Requirement
What you return should be the full listing, copied exactly and stripped of its pictures.

Information
-=-=-
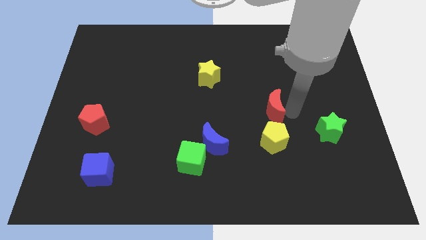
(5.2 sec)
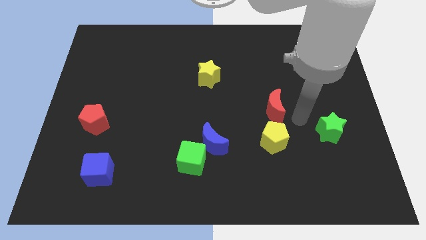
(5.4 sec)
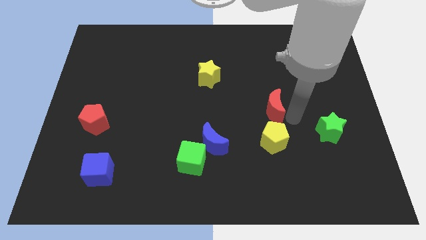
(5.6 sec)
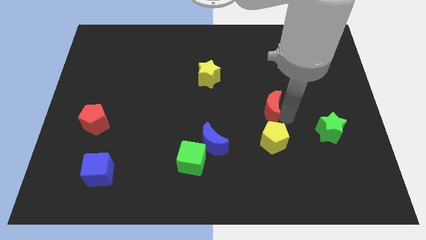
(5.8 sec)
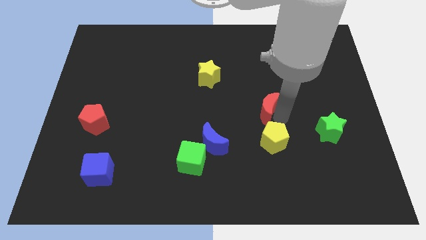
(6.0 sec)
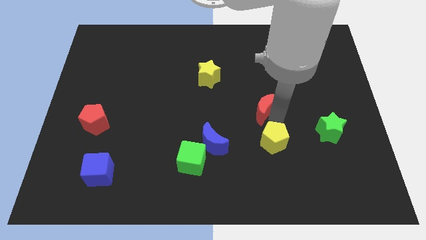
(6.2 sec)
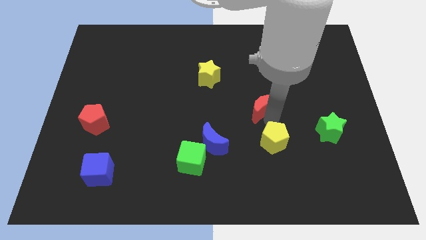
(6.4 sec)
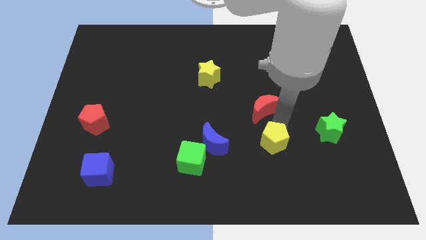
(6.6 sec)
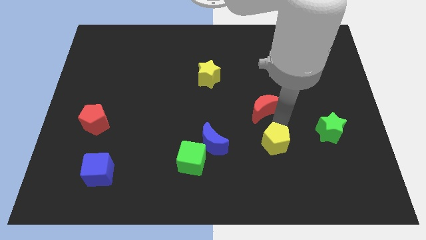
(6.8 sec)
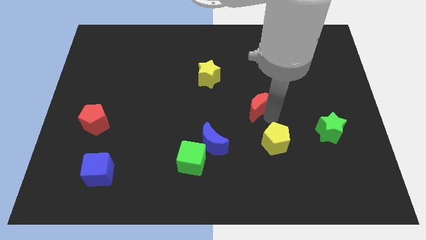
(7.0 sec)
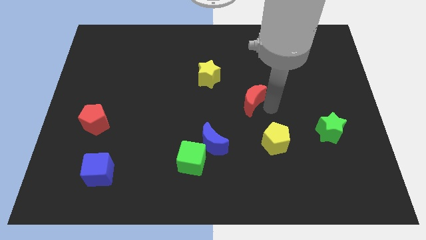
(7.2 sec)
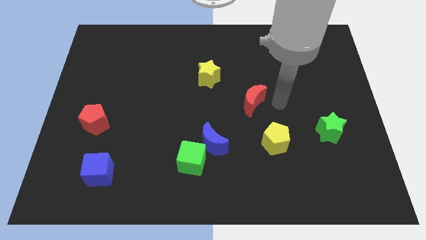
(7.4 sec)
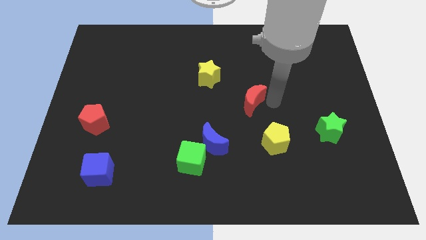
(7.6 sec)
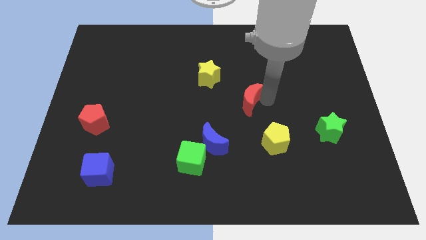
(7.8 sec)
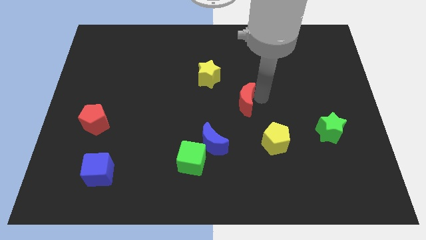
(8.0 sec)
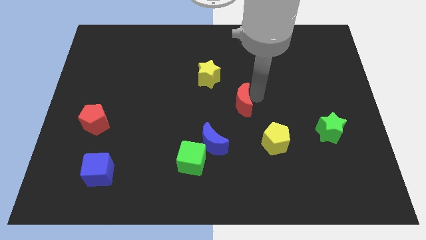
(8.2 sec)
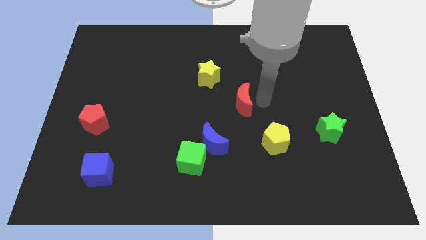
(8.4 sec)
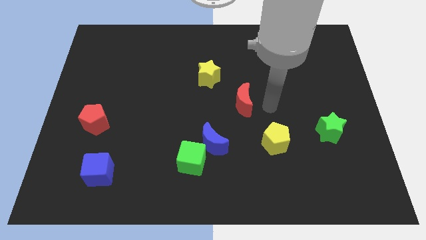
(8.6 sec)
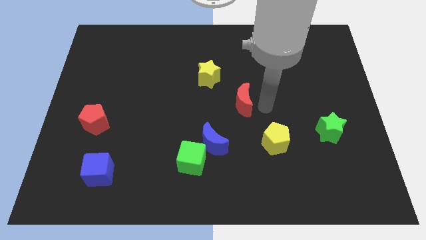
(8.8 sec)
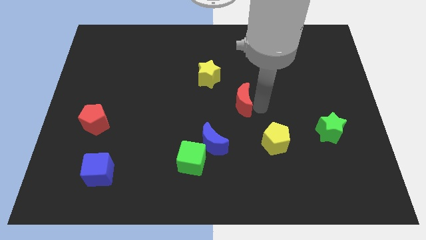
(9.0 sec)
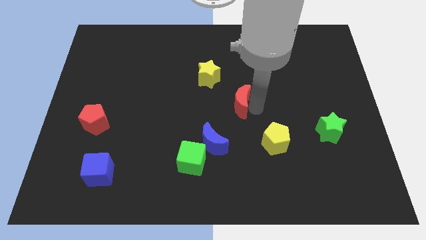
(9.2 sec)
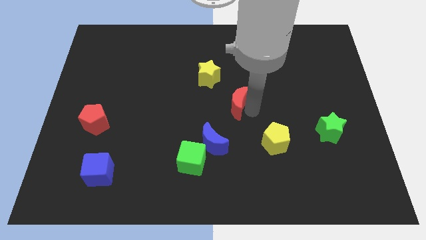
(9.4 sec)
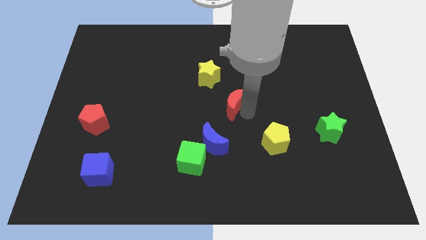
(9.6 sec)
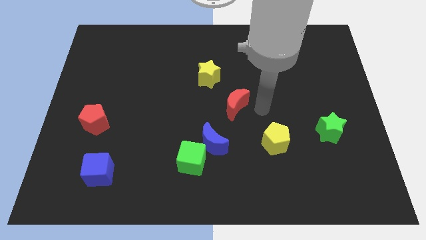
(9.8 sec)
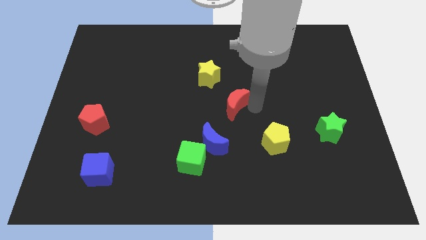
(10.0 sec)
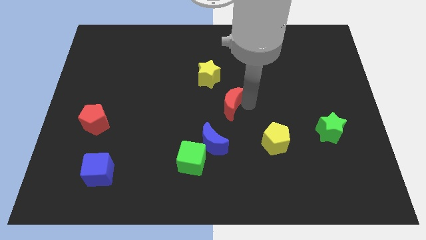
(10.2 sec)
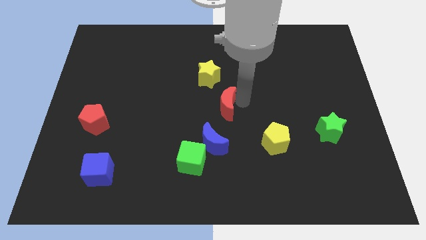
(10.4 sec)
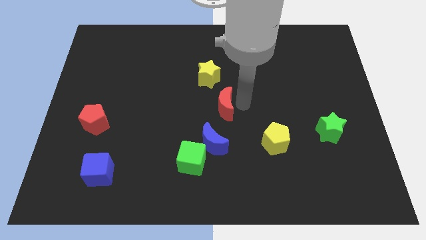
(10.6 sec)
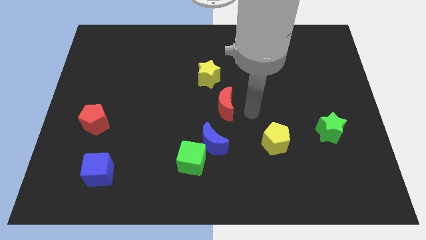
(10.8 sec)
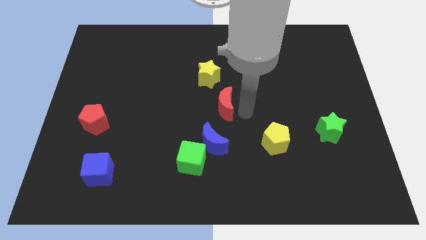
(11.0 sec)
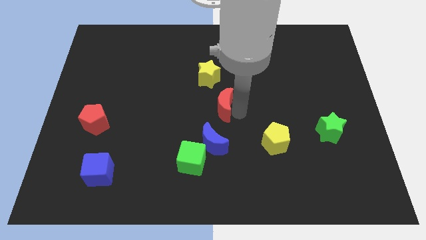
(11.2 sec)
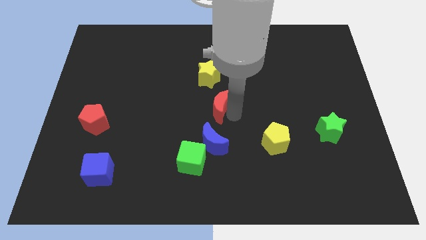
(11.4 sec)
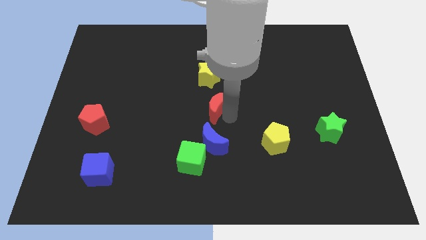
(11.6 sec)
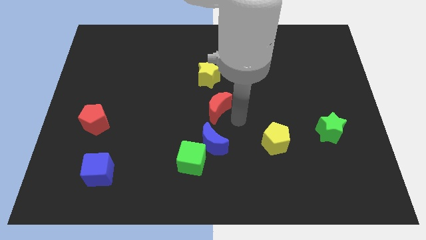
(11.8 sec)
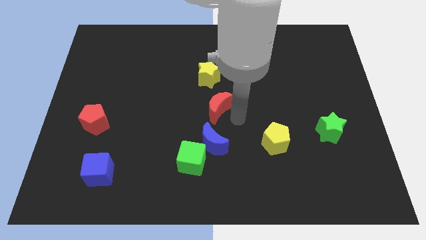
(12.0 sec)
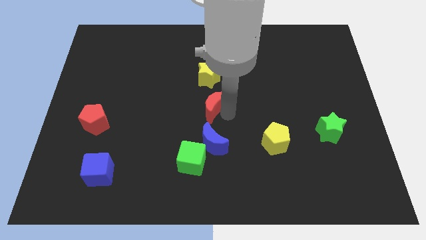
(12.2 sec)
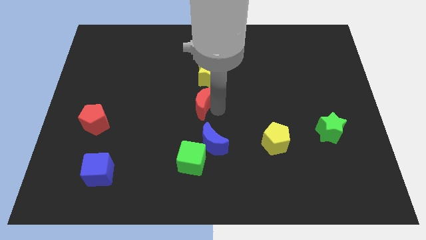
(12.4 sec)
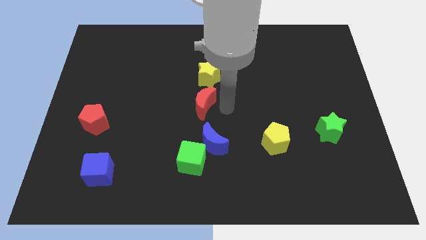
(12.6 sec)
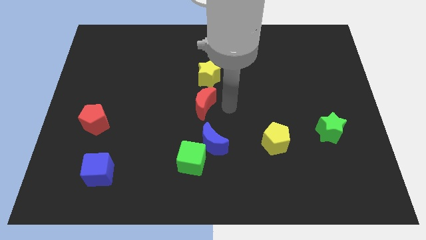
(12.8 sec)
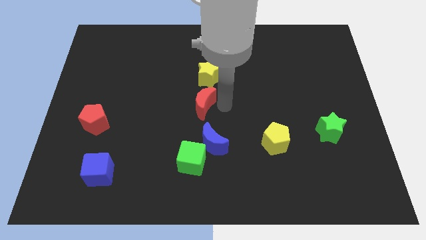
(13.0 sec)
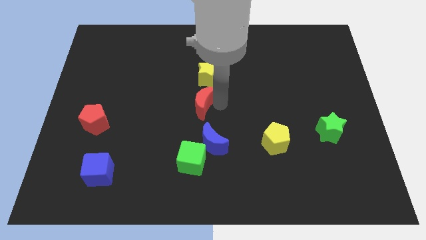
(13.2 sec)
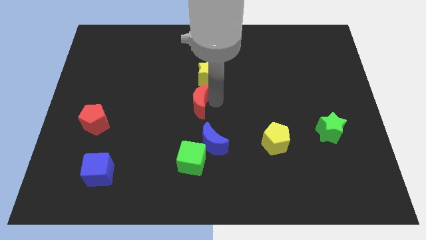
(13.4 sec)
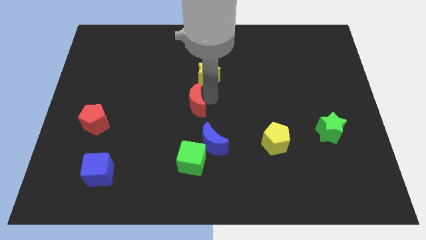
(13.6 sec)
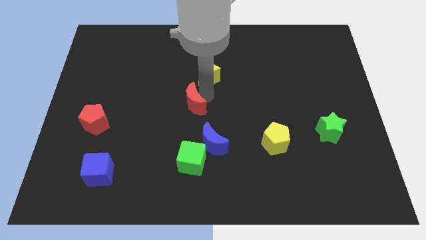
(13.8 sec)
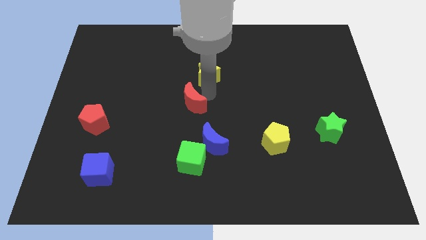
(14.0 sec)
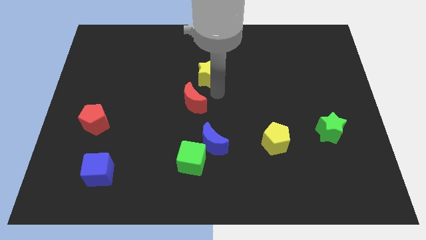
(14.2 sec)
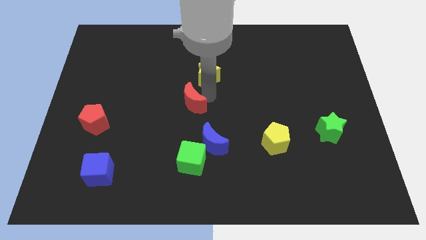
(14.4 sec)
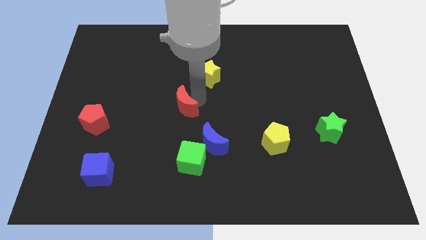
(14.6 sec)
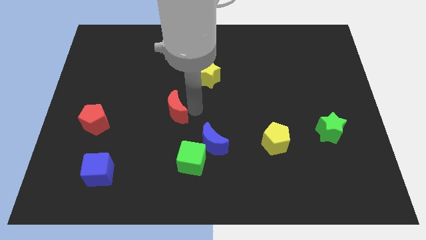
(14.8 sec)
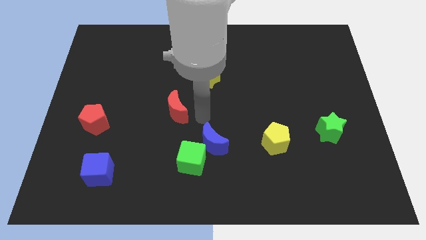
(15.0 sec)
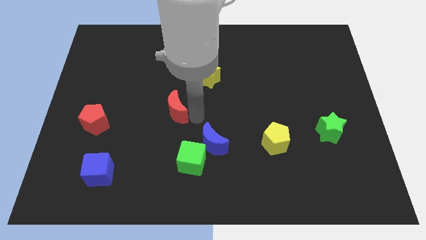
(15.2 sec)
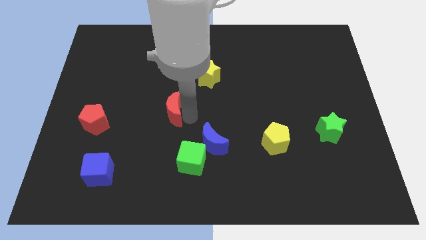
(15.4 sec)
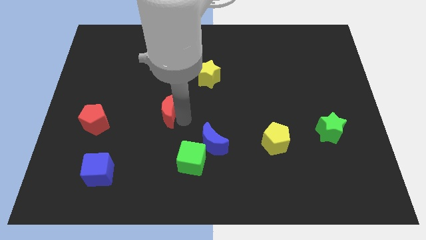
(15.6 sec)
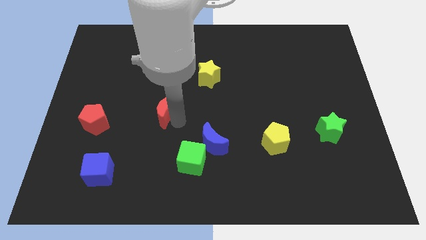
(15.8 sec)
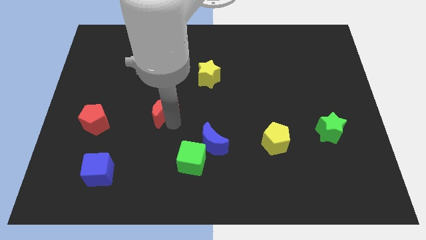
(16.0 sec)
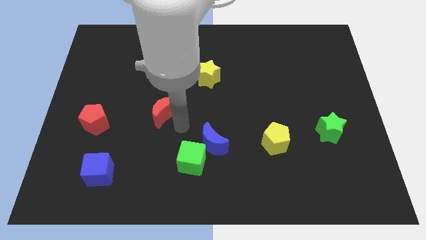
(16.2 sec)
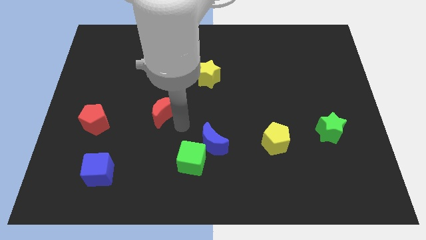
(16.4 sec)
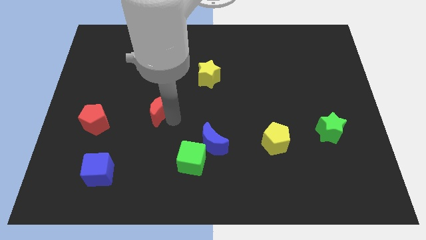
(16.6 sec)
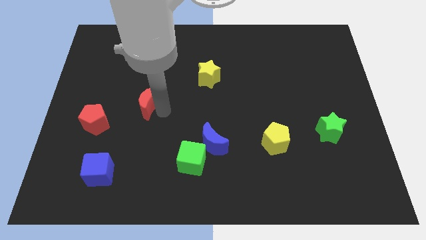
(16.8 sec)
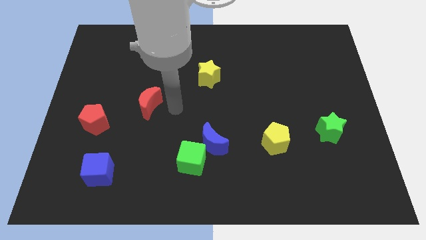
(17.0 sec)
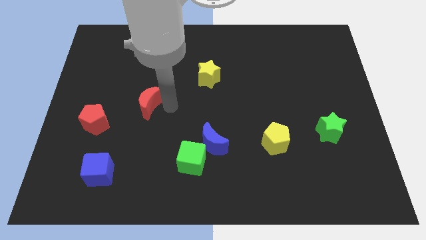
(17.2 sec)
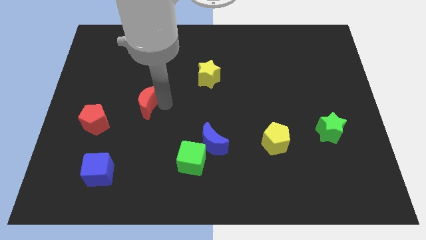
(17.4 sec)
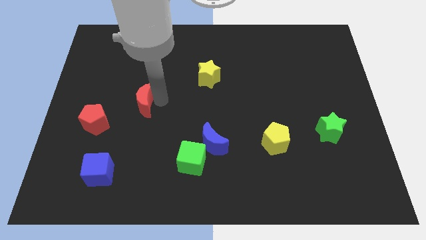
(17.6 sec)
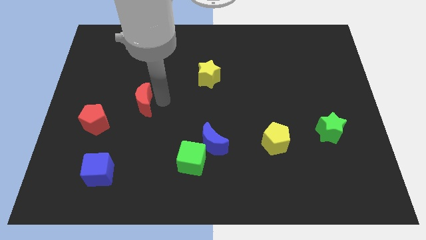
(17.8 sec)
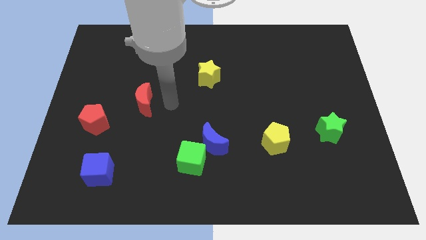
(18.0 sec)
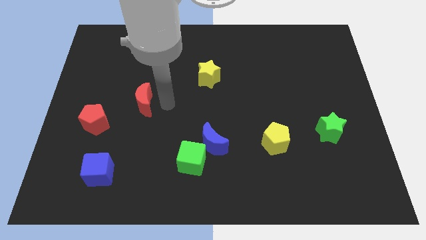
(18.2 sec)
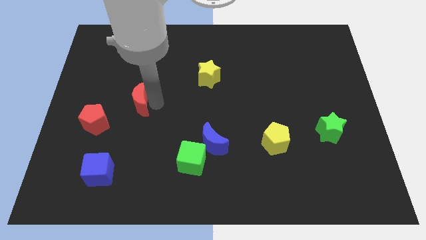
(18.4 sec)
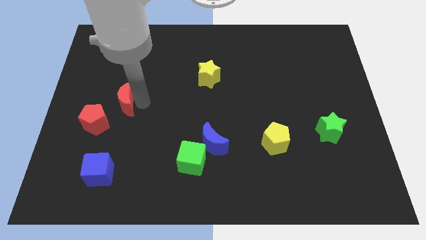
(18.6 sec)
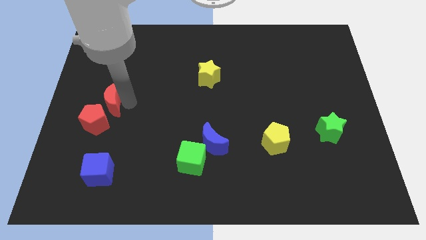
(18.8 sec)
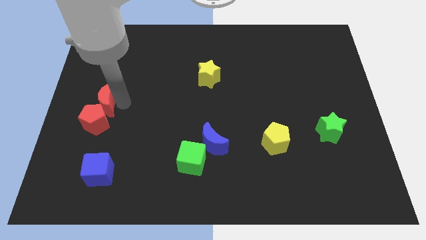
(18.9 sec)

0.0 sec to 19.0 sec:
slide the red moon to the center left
-=-=-
Solution to this task
(5.2 sec)
(5.4 sec)
(5.6 sec)
(5.8 sec)
(6.0 sec)
(6.2 sec)
(6.4 sec)
(6.6 sec)
(6.8 sec)
(7.0 sec)
(7.2 sec)
(7.4 sec)
(7.6 sec)
(7.8 sec)
(8.0 sec)
(8.2 sec)
(8.4 sec)
(8.6 sec)
(8.8 sec)
(9.0 sec)
(9.2 sec)
(9.4 sec)
(9.6 sec)
(9.8 sec)
(10.0 sec)
(10.2 sec)
(10.4 sec)
(10.6 sec)
(10.8 sec)
(11.0 sec)
(11.2 sec)
(11.4 sec)
(11.6 sec)
(11.8 sec)
(12.0 sec)
(12.2 sec)
(12.4 sec)
(12.6 sec)
(12.8 sec)
(13.0 sec)
(13.2 sec)
(13.4 sec)
(13.6 sec)
(13.8 sec)
(14.0 sec)
(14.2 sec)
(14.4 sec)
(14.6 sec)
(14.8 sec)
(15.0 sec)
(15.2 sec)
(15.4 sec)
(15.6 sec)
(15.8 sec)
(16.0 sec)
(16.2 sec)
(16.4 sec)
(16.6 sec)
(16.8 sec)
(17.0 sec)
(17.2 sec)
(17.4 sec)
(17.6 sec)
(17.8 sec)
(18.0 sec)
(18.2 sec)
(18.4 sec)
(18.6 sec)
(18.8 sec)
(18.9 sec)

0.0 sec to 19.0 sec:
slide the red moon to the center left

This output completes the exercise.